BEGIN Information given

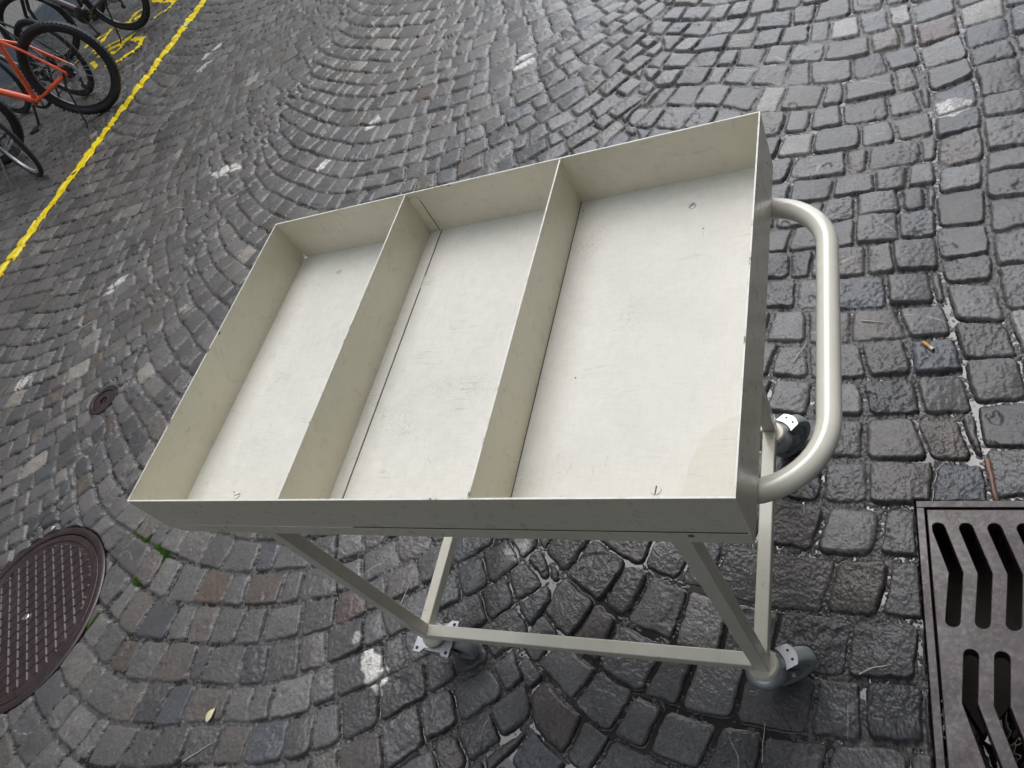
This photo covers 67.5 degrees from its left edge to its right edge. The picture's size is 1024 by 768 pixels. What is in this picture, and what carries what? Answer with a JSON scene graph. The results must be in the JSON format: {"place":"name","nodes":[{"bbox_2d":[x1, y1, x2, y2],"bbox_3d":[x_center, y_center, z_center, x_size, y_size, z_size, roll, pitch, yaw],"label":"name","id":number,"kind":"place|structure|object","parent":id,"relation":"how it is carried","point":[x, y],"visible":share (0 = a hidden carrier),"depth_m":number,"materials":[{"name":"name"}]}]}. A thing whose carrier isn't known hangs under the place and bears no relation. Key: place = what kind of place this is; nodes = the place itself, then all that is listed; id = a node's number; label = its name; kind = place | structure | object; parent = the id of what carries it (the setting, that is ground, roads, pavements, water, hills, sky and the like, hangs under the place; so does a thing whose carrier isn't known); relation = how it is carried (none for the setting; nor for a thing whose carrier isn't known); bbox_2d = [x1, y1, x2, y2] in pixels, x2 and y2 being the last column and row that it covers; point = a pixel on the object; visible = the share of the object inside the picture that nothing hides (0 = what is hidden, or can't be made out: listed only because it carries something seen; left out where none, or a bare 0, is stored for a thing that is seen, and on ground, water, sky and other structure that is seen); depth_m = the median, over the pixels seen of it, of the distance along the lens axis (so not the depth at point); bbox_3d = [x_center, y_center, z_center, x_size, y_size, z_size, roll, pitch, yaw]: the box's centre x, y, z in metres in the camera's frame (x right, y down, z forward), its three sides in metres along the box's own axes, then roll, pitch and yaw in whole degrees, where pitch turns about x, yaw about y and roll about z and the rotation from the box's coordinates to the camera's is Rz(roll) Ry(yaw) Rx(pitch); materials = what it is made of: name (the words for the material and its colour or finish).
{"place":"outdoors","nodes":[
{"label":"outdoors","id":0,"kind":"place"},
{"bbox_2d":[66,1,105,17],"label":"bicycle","id":1,"kind":"object","parent":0,"point":[101,7],"visible":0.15,"depth_m":8.09,"materials":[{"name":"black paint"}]},
{"bbox_2d":[0,0,1023,767],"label":"cobblestone paving","id":2,"kind":"structure","parent":0,"point":[894,132],"depth_m":2.34,"materials":[{"name":"grey stone"}]},
{"bbox_2d":[0,121,43,192],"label":"bicycle","id":3,"kind":"object","parent":2,"relation":"on","point":[38,170],"visible":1,"depth_m":5.60,"materials":[{"name":"black rubber"}]},
{"bbox_2d":[0,18,94,113],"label":"bicycle","id":4,"kind":"object","parent":2,"relation":"on","point":[19,25],"visible":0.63,"depth_m":6.35,"materials":[{"name":"black paint"}]},
{"bbox_2d":[0,527,106,713],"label":"manhole cover","id":5,"kind":"object","parent":2,"relation":"on","point":[51,584],"visible":0.98,"depth_m":2.73,"materials":[{"name":"metal"}]},
{"bbox_2d":[0,20,121,165],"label":"bicycle","id":6,"kind":"object","parent":2,"relation":"on","point":[66,71],"visible":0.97,"depth_m":5.83,"materials":[{"name":"black rubber"}]},
{"bbox_2d":[0,0,149,62],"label":"bicycle","id":7,"kind":"object","parent":2,"relation":"on","point":[84,11],"visible":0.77,"depth_m":7.12,"materials":[{"name":"black paint"}]},
{"bbox_2d":[0,0,205,276],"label":"painted line","id":8,"kind":"object","parent":2,"relation":"on","point":[14,253],"visible":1,"depth_m":5.61,"materials":[{"name":"yellow paint"}]},
{"bbox_2d":[89,386,117,414],"bbox_3d":[-1.819,0.086,3.440,0.153,0.050,0.153,-5,53,28],"label":"valve cover","id":9,"kind":"object","parent":2,"relation":"on","point":[102,400],"visible":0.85,"depth_m":3.42,"materials":[{"name":"metal"}]},
{"bbox_2d":[73,28,145,68],"bbox_3d":[-3.805,-3.134,7.198,1.422,0.018,0.582,29,73,42],"label":"painted bicycle symbol","id":10,"kind":"object","parent":2,"relation":"on","point":[137,38],"visible":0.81,"depth_m":7.10,"materials":[{"name":"yellow paint"}]},
{"bbox_2d":[85,516,170,631],"bbox_3d":[-1.296,0.649,2.636,0.272,0.016,0.431,-5,53,28],"label":"moss","id":11,"kind":"object","parent":2,"relation":"on","point":[164,553],"visible":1,"depth_m":2.63,"materials":[{"name":"green plant"}]},
{"bbox_2d":[124,0,176,22],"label":"painted bicycle symbol","id":12,"kind":"object","parent":2,"relation":"on","point":[160,1],"visible":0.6,"depth_m":7.41,"materials":[{"name":"yellow paint"}]},
{"bbox_2d":[205,708,214,721],"bbox_3d":[-0.840,0.920,2.133,0.022,0.008,0.040,-5,53,28],"label":"leaf","id":13,"kind":"object","parent":2,"relation":"on","point":[209,714],"visible":1,"depth_m":2.13,"materials":[{"name":"yellow plant"}]},
{"bbox_2d":[127,111,842,690],"bbox_3d":[0.108,0.150,1.538,1.095,0.940,0.673,-5,53,28],"label":"display trolley","id":14,"kind":"object","parent":2,"relation":"on","point":[569,347],"visible":1,"depth_m":1.25,"materials":[{"name":"metal"}]},
{"bbox_2d":[762,725,764,762],"bbox_3d":[0.498,0.710,1.519,0.005,0.005,0.074,-5,53,28],"label":"straw","id":15,"kind":"object","parent":2,"relation":"on","point":[762,744],"visible":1,"depth_m":1.52,"materials":[{"name":"beige plant"}]},
{"bbox_2d":[859,665,886,674],"bbox_3d":[0.708,0.559,1.505,0.056,0.004,0.006,-24,46,12],"label":"straw","id":16,"kind":"object","parent":2,"relation":"on","point":[871,668],"visible":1,"depth_m":1.50,"materials":[{"name":"beige plant"}]},
{"bbox_2d":[922,341,934,350],"bbox_3d":[1.012,-0.092,1.863,0.009,0.009,0.036,-34,45,2],"label":"cigarette butt","id":17,"kind":"object","parent":2,"relation":"on","point":[926,344],"visible":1,"depth_m":1.86,"materials":[{"name":"paper"}]},
{"bbox_2d":[916,501,1023,767],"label":"drain grate","id":18,"kind":"object","parent":2,"relation":"in","point":[972,575],"visible":1,"depth_m":1.53,"materials":[{"name":"metal"}]},
{"bbox_2d":[984,458,1002,548],"bbox_3d":[1.103,0.360,1.722,0.034,0.396,0.228,-19,47,17],"label":"twig","id":19,"kind":"object","parent":18,"relation":"on","point":[989,470],"visible":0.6,"depth_m":1.63,"materials":[{"name":"brown wood"}]},
{"label":"ground","id":20,"kind":"structure","parent":0,"visible":0},
{"bbox_2d":[0,0,77,88],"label":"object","id":21,"kind":"structure","parent":20,"relation":"on","point":[9,13],"depth_m":8.43,"materials":[{"name":"paint"}]}
]}

END Information given

● Task prompt:
Print out the whole listing word for word. Leave the pictures out.

● Answer to the problem:
This photo covers 67.5 degrees from its left edge to its right edge. The picture's size is 1024 by 768 pixels. What is in this picture, and what carries what? Answer with a JSON scene graph. The results must be in the JSON format: {"place":"name","nodes":[{"bbox_2d":[x1, y1, x2, y2],"bbox_3d":[x_center, y_center, z_center, x_size, y_size, z_size, roll, pitch, yaw],"label":"name","id":number,"kind":"place|structure|object","parent":id,"relation":"how it is carried","point":[x, y],"visible":share (0 = a hidden carrier),"depth_m":number,"materials":[{"name":"name"}]}]}. A thing whose carrier isn't known hangs under the place and bears no relation. Key: place = what kind of place this is; nodes = the place itself, then all that is listed; id = a node's number; label = its name; kind = place | structure | object; parent = the id of what carries it (the setting, that is ground, roads, pavements, water, hills, sky and the like, hangs under the place; so does a thing whose carrier isn't known); relation = how it is carried (none for the setting; nor for a thing whose carrier isn't known); bbox_2d = [x1, y1, x2, y2] in pixels, x2 and y2 being the last column and row that it covers; point = a pixel on the object; visible = the share of the object inside the picture that nothing hides (0 = what is hidden, or can't be made out: listed only because it carries something seen; left out where none, or a bare 0, is stored for a thing that is seen, and on ground, water, sky and other structure that is seen); depth_m = the median, over the pixels seen of it, of the distance along the lens axis (so not the depth at point); bbox_3d = [x_center, y_center, z_center, x_size, y_size, z_size, roll, pitch, yaw]: the box's centre x, y, z in metres in the camera's frame (x right, y down, z forward), its three sides in metres along the box's own axes, then roll, pitch and yaw in whole degrees, where pitch turns about x, yaw about y and roll about z and the rotation from the box's coordinates to the camera's is Rz(roll) Ry(yaw) Rx(pitch); materials = what it is made of: name (the words for the material and its colour or finish).
{"place":"outdoors","nodes":[
{"label":"outdoors","id":0,"kind":"place"},
{"bbox_2d":[66,1,105,17],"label":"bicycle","id":1,"kind":"object","parent":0,"point":[101,7],"visible":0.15,"depth_m":8.09,"materials":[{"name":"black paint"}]},
{"bbox_2d":[0,0,1023,767],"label":"cobblestone paving","id":2,"kind":"structure","parent":0,"point":[894,132],"depth_m":2.34,"materials":[{"name":"grey stone"}]},
{"bbox_2d":[0,121,43,192],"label":"bicycle","id":3,"kind":"object","parent":2,"relation":"on","point":[38,170],"visible":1,"depth_m":5.60,"materials":[{"name":"black rubber"}]},
{"bbox_2d":[0,18,94,113],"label":"bicycle","id":4,"kind":"object","parent":2,"relation":"on","point":[19,25],"visible":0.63,"depth_m":6.35,"materials":[{"name":"black paint"}]},
{"bbox_2d":[0,527,106,713],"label":"manhole cover","id":5,"kind":"object","parent":2,"relation":"on","point":[51,584],"visible":0.98,"depth_m":2.73,"materials":[{"name":"metal"}]},
{"bbox_2d":[0,20,121,165],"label":"bicycle","id":6,"kind":"object","parent":2,"relation":"on","point":[66,71],"visible":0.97,"depth_m":5.83,"materials":[{"name":"black rubber"}]},
{"bbox_2d":[0,0,149,62],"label":"bicycle","id":7,"kind":"object","parent":2,"relation":"on","point":[84,11],"visible":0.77,"depth_m":7.12,"materials":[{"name":"black paint"}]},
{"bbox_2d":[0,0,205,276],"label":"painted line","id":8,"kind":"object","parent":2,"relation":"on","point":[14,253],"visible":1,"depth_m":5.61,"materials":[{"name":"yellow paint"}]},
{"bbox_2d":[89,386,117,414],"bbox_3d":[-1.819,0.086,3.440,0.153,0.050,0.153,-5,53,28],"label":"valve cover","id":9,"kind":"object","parent":2,"relation":"on","point":[102,400],"visible":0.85,"depth_m":3.42,"materials":[{"name":"metal"}]},
{"bbox_2d":[73,28,145,68],"bbox_3d":[-3.805,-3.134,7.198,1.422,0.018,0.582,29,73,42],"label":"painted bicycle symbol","id":10,"kind":"object","parent":2,"relation":"on","point":[137,38],"visible":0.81,"depth_m":7.10,"materials":[{"name":"yellow paint"}]},
{"bbox_2d":[85,516,170,631],"bbox_3d":[-1.296,0.649,2.636,0.272,0.016,0.431,-5,53,28],"label":"moss","id":11,"kind":"object","parent":2,"relation":"on","point":[164,553],"visible":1,"depth_m":2.63,"materials":[{"name":"green plant"}]},
{"bbox_2d":[124,0,176,22],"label":"painted bicycle symbol","id":12,"kind":"object","parent":2,"relation":"on","point":[160,1],"visible":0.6,"depth_m":7.41,"materials":[{"name":"yellow paint"}]},
{"bbox_2d":[205,708,214,721],"bbox_3d":[-0.840,0.920,2.133,0.022,0.008,0.040,-5,53,28],"label":"leaf","id":13,"kind":"object","parent":2,"relation":"on","point":[209,714],"visible":1,"depth_m":2.13,"materials":[{"name":"yellow plant"}]},
{"bbox_2d":[127,111,842,690],"bbox_3d":[0.108,0.150,1.538,1.095,0.940,0.673,-5,53,28],"label":"display trolley","id":14,"kind":"object","parent":2,"relation":"on","point":[569,347],"visible":1,"depth_m":1.25,"materials":[{"name":"metal"}]},
{"bbox_2d":[762,725,764,762],"bbox_3d":[0.498,0.710,1.519,0.005,0.005,0.074,-5,53,28],"label":"straw","id":15,"kind":"object","parent":2,"relation":"on","point":[762,744],"visible":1,"depth_m":1.52,"materials":[{"name":"beige plant"}]},
{"bbox_2d":[859,665,886,674],"bbox_3d":[0.708,0.559,1.505,0.056,0.004,0.006,-24,46,12],"label":"straw","id":16,"kind":"object","parent":2,"relation":"on","point":[871,668],"visible":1,"depth_m":1.50,"materials":[{"name":"beige plant"}]},
{"bbox_2d":[922,341,934,350],"bbox_3d":[1.012,-0.092,1.863,0.009,0.009,0.036,-34,45,2],"label":"cigarette butt","id":17,"kind":"object","parent":2,"relation":"on","point":[926,344],"visible":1,"depth_m":1.86,"materials":[{"name":"paper"}]},
{"bbox_2d":[916,501,1023,767],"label":"drain grate","id":18,"kind":"object","parent":2,"relation":"in","point":[972,575],"visible":1,"depth_m":1.53,"materials":[{"name":"metal"}]},
{"bbox_2d":[984,458,1002,548],"bbox_3d":[1.103,0.360,1.722,0.034,0.396,0.228,-19,47,17],"label":"twig","id":19,"kind":"object","parent":18,"relation":"on","point":[989,470],"visible":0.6,"depth_m":1.63,"materials":[{"name":"brown wood"}]},
{"label":"ground","id":20,"kind":"structure","parent":0,"visible":0},
{"bbox_2d":[0,0,77,88],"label":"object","id":21,"kind":"structure","parent":20,"relation":"on","point":[9,13],"depth_m":8.43,"materials":[{"name":"paint"}]}
]}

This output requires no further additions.